Just for fun, here is one with the original library function:
48 cycles timing BIN$            180 bytes      644 LAMPs
58 cycles timing pbin2           147 bytes      703 LAMPs
55 cycles timing NightWare       204 bytes      786 LAMPs
42 cycles timing BinLingo        204 bytes      600 LAMPs
82 cycles timing dw2bin_ex       2140 bytes     3793 LAMPs

LAMPs = Lean And Mean Points = cycles * sqrt(size)

Full source attached, with some switches.

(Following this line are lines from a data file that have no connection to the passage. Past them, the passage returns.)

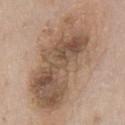{
  "lighting": "white-light",
  "image": {
    "source": "total-body photography crop",
    "field_of_view_mm": 15
  },
  "lesion_size": {
    "long_diameter_mm_approx": 13.0
  },
  "automated_metrics": {
    "cielab_L": 55,
    "cielab_a": 16,
    "cielab_b": 29,
    "vs_skin_darker_L": 12.0,
    "vs_skin_contrast_norm": 8.5,
    "border_irregularity_0_10": 4.0,
    "peripheral_color_asymmetry": 3.5
  },
  "site": "chest",
  "patient": {
    "sex": "male",
    "age_approx": 60
  }
}
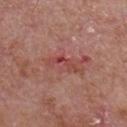<record>
  <biopsy_status>not biopsied; imaged during a skin examination</biopsy_status>
  <lighting>white-light</lighting>
  <image>
    <source>total-body photography crop</source>
    <field_of_view_mm>15</field_of_view_mm>
  </image>
  <patient>
    <sex>male</sex>
    <age_approx>65</age_approx>
  </patient>
  <site>chest</site>
</record>
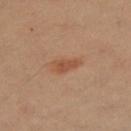Recorded during total-body skin imaging; not selected for excision or biopsy. From the right thigh. The subject is a female approximately 50 years of age. The total-body-photography lesion software estimated a lesion area of about 4.5 mm². The analysis additionally found a lesion color around L≈49 a*≈22 b*≈31 in CIELAB and a normalized border contrast of about 6.5. It also reported an automated nevus-likeness rating near 60 out of 100 and a lesion-detection confidence of about 100/100. A lesion tile, about 15 mm wide, cut from a 3D total-body photograph.

[attachment deleted by admin]

drizz

here's my attempt  :8):

;; for 32 bytes
bintab equ BinaryTable
OPTION PROLOGUE:NONE
OPTION EPILOGUE:NONE
DwToBin proc dwValue:dword,pBuffer:dword
mov eax,[esp+4];dwValue
mov edx,[esp+8];pBuffer
push edi
push esi
push ebx
mov ebx,1111b
mov ecx,11110000b
mov edi,111100000000b
mov esi,1111000000000000b
and ecx,eax
and edi,eax
shr ecx,4
and esi,eax
shr edi,8
and ebx,eax
shr esi,12
mov ebx,[ebx*4+bintab]
mov ecx,[ecx*4+bintab]
mov edi,[edi*4+bintab]
mov esi,[esi*4+bintab]
shr eax,16
mov [edx+7*4],ebx
mov [edx+6*4],ecx
mov [edx+5*4],edi
mov [edx+4*4],esi
mov ebx,1111b
mov ecx,11110000b
mov edi,111100000000b
mov esi,1111000000000000b
and ecx,eax
and edi,eax
shr ecx,4
and esi,eax
shr edi,8
and ebx,eax
shr esi,12
mov ebx,[ebx*4+bintab]
mov ecx,[ecx*4+bintab]
mov edi,[edi*4+bintab]
mov esi,[esi*4+bintab]
mov [edx+3*4],ebx
mov [edx+2*4],ecx
mov [edx+1*4],edi
mov [edx+0*4],esi
mov byte ptr [edx+32],0
pop ebx
pop esi
pop edi
ret 2*4
DwToBin endp
OPTION PROLOGUE:PROLOGUEDEF
OPTION EPILOGUE:EPILOGUEDEF

and here's my regular function
OPTION PROLOGUE:NONE
OPTION EPILOGUE:NONE
;returns size in eax
DwToBin proc dwValue:dword,pBuffer:dword;buff max 33bytes
push edi
mov ecx,31
mov edx,[esp+4][4];dwValue
mov edi,[esp+8][4];pBuffer
bsr eax,edx
jz @2
sub ecx,eax
shl edx,cl
mov ecx,eax
@1: add edx,edx
inc edi
mov al,'0' shr 1
adc al,al
dec ecx
mov [edi-1],al
jns @1
mov [edi],dl
mov eax,edi
pop edi
sub eax,[esp+8];pBuffer
ret 2*4
@2: mov word ptr [edi],'0'
mov eax,1
pop edi
ret 2*4
DwToBin endp

OPTION PROLOGUE:PROLOGUEDEF
OPTION EPILOGUE:EPILOGUEDEF
The truth cannot be learned ... it can only be recognized.